(Records from a data collection)
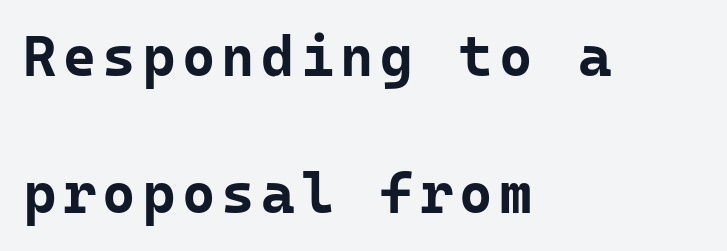
Q: Is the text bold? A: Yes.
Q: Is the text italic (slanted)? A: No, it is upright.
Q: Is the typeface a serif or a sans-serif typeface? A: Sans-serif.
Q: Is the text underlined? A: No.
Q: How is the paragraph aligned? A: Left-aligned.
Q: Is the spacing between lines tight, normal or loose? A: Loose.
Q: Width (condensed, normal, or wide)? A: Normal.
Q: Stroke contrast? A: Low.
Q: x-height? A: Medium.
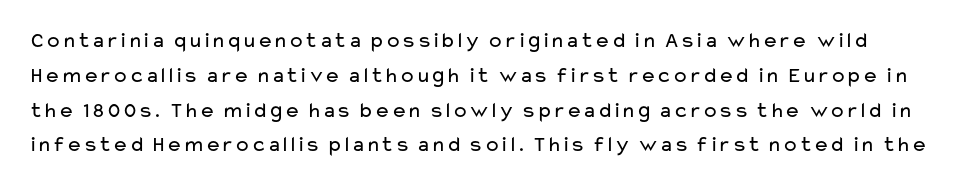
Q: Is the text bold? A: No.
Q: Is the text italic (slanted)? A: No, it is upright.
Q: Is the text underlined? A: No.
Q: Is the spacing between letters normal or unusually wide? A: Normal.
Q: Is the spacing between lines tight, normal or loose? A: Normal.
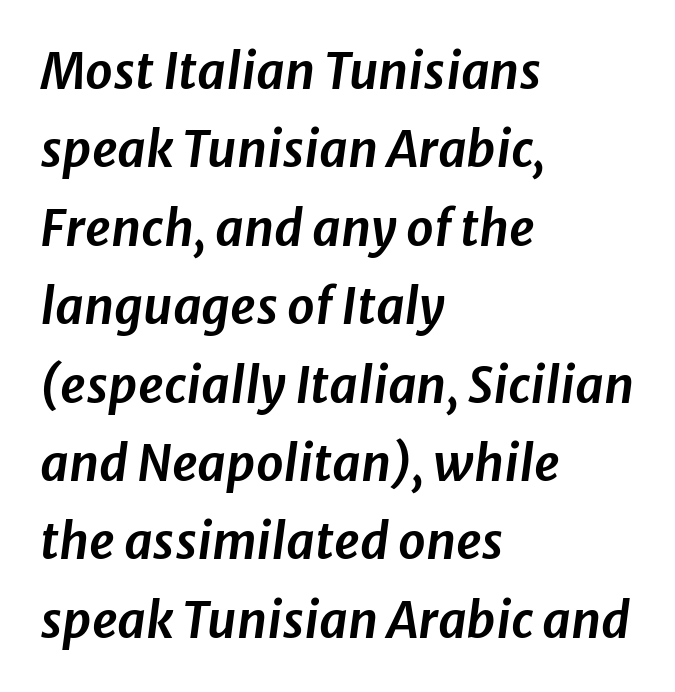
The ragged edge is on the right, which tells us the setting is flush left. The rows are spaced the way most documents space them. Varying glyph widths throughout — classic text-font behaviour. Underlining? Definitely not there. Nobody touched the tracking dial on this one.
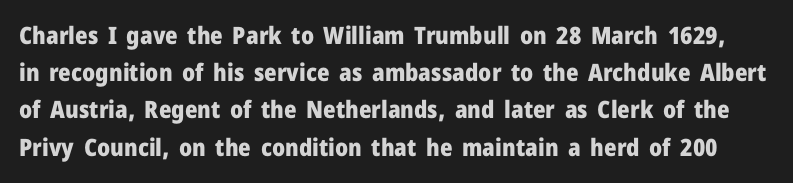
The image shows 24 px bold type, upright; set normal line spacing (1.55x), normal letter spacing, not underlined.
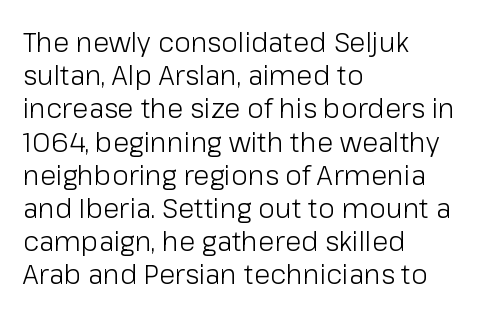
The zone under the glyphs is completely vacant. The passage is arranged the way most books set body copy — flush left. The type sits square on the baseline with zero lean. Weight: in the light-to-regular range. In terms of letterspacing, this is plain default setting.
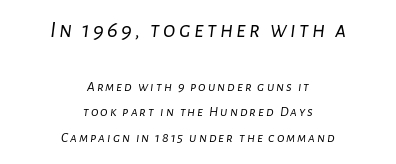
The image shows 23 px text type, italic (leaning right); set centered, line spacing 1.84x, not underlined; the first (top) block is 1.64x larger.
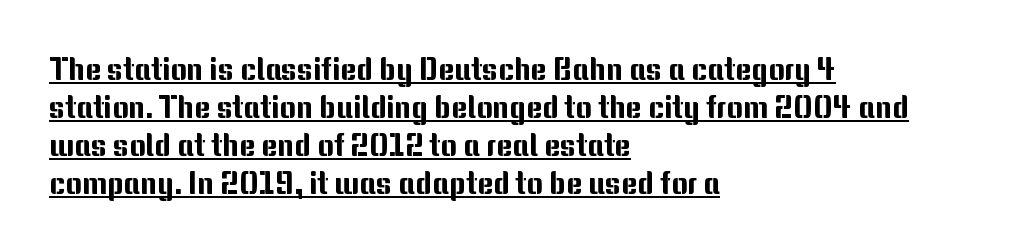
Posture: vertical. Character widths vary here, with narrow letters taking less room than wide ones. This rendering uses left alignment, leaving the right contour irregular. Serif or sans? Sans — the stroke terminals are bare. What stands out about the letter spacing? Nothing — it is the standard amount.
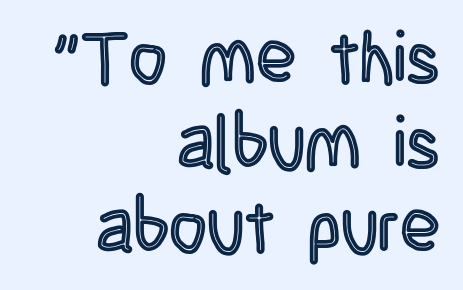
{"italic": "no", "width": "condensed", "x_height": "large", "monospaced": "no", "underline": "no", "align": "right", "line_spacing_ratio": 1.16, "letter_spacing": "normal", "letter_spacing_em": 0.0, "glyph_px": 73}
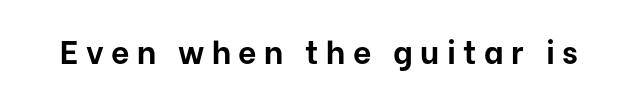
{"serif": "no", "italic": "no", "bold": "yes", "weight": "bold", "width": "normal", "stroke_contrast": "low", "x_height": "medium", "monospaced": "no", "underline": "no", "letter_spacing": "wide", "letter_spacing_em": 0.23, "glyph_px": 32}
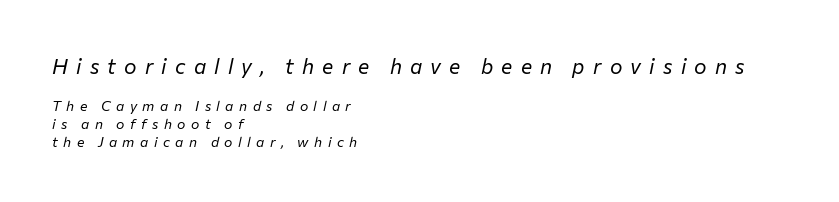
Q: Is the text bold? A: No.
Q: Is the text italic (slanted)? A: Yes, it leans right by about 12 degrees.
Q: Is the text underlined? A: No.
Q: How is the paragraph aligned? A: Left-aligned.
Q: Is the spacing between letters normal or unusually wide? A: Unusually wide.
Q: Is the spacing between lines tight, normal or loose? A: Normal.
Q: Which block of text is set in a larger size, the first (top) or the second (bottom)? A: The first (top) one.
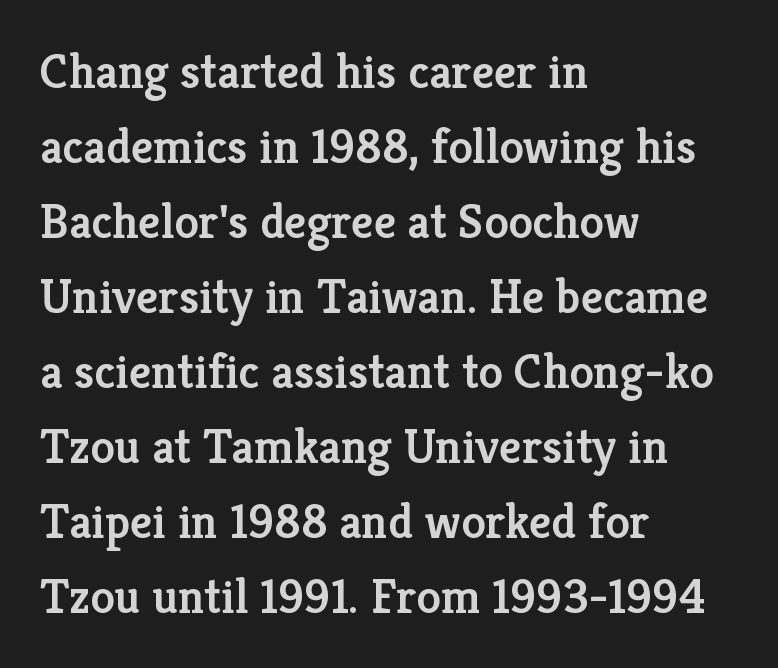
The image shows 49 px semibold serif type, upright; set left-aligned, normal line spacing (1.53x), normal letter spacing, not underlined; low stroke contrast and a medium x-height.
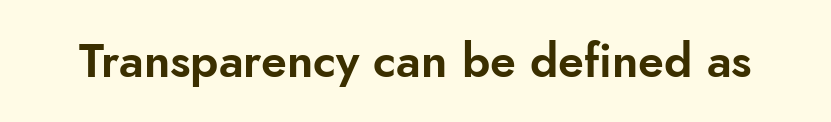
Proportional: the letters do not fall into vertical columns. Observe the absence of serifs on each vertical stroke in this sample. Ordinary non-slanted type is in use. Nobody touched the tracking dial on this one.
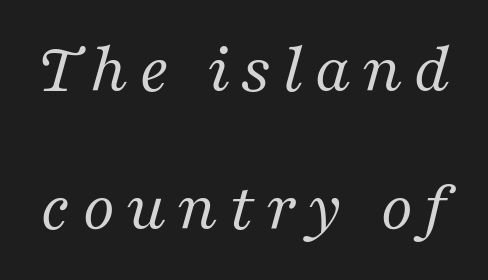
The image shows 71 px regular-weight serif type, italic (leaning right); set loose line spacing (1.94x), not underlined; medium stroke contrast and a medium x-height.
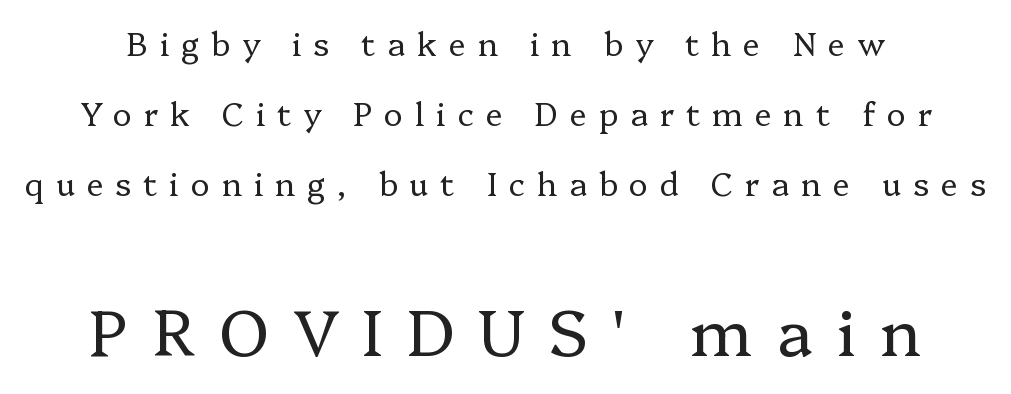
{"serif": "yes", "italic": "no", "bold": "no", "weight": "regular", "width": "normal", "stroke_contrast": "low", "x_height": "medium", "monospaced": "no", "underline": "no", "line_spacing": "loose", "line_spacing_ratio": 2.19, "letter_spacing": "wide", "letter_spacing_em": 0.37, "larger_block": "second", "size_ratio": 2.03, "glyph_px": 65}
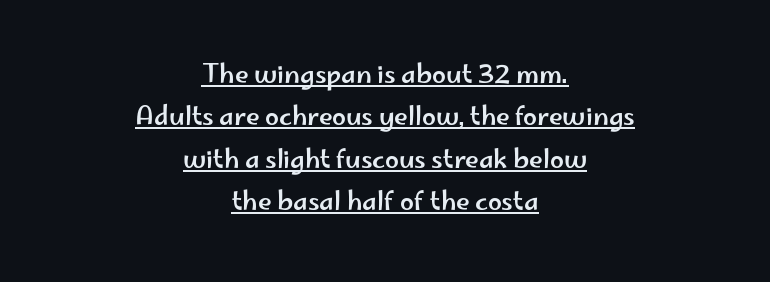
Q: Is the text italic (slanted)? A: No, it is upright.
Q: Is the text underlined? A: Yes.
Q: How is the paragraph aligned? A: Centered.
Q: Is the spacing between letters normal or unusually wide? A: Normal.
Q: Is the spacing between lines tight, normal or loose? A: Normal.
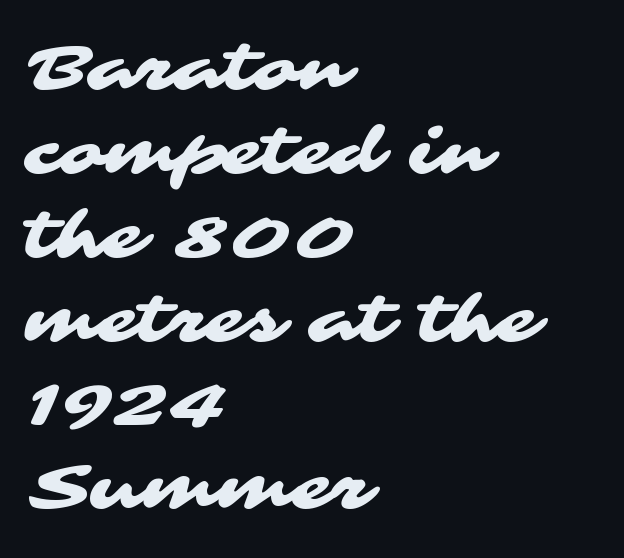
{"serif": "no", "width": "wide", "stroke_contrast": "medium", "x_height": "medium", "monospaced": "no", "underline": "no", "align": "left", "line_spacing": "normal", "line_spacing_ratio": 1.29, "letter_spacing": "normal", "letter_spacing_em": 0.0, "glyph_px": 65}

◆ **REQUIREMENT**
From the line containing "Q: x-height? A: Medium." through the line containing "The ragged edge", copy every line above exactly, without pictures.

◆ **YOUR SOLUTION**
Q: x-height? A: Medium.
Q: Is the text bold? A: No.
Q: Is the text italic (slanted)? A: No, it is upright.
Q: Is the text underlined? A: No.
Q: Is the spacing between letters normal or unusually wide? A: Normal.
Q: Is the spacing between lines tight, normal or loose? A: Normal.
The ragged edge is on the right, which tells us the setting is flush left. The rows are spaced the way most documents space them. Varying glyph widths throughout — classic text-font behaviour. Underlining? Definitely not there. Nobody touched the tracking dial on this one.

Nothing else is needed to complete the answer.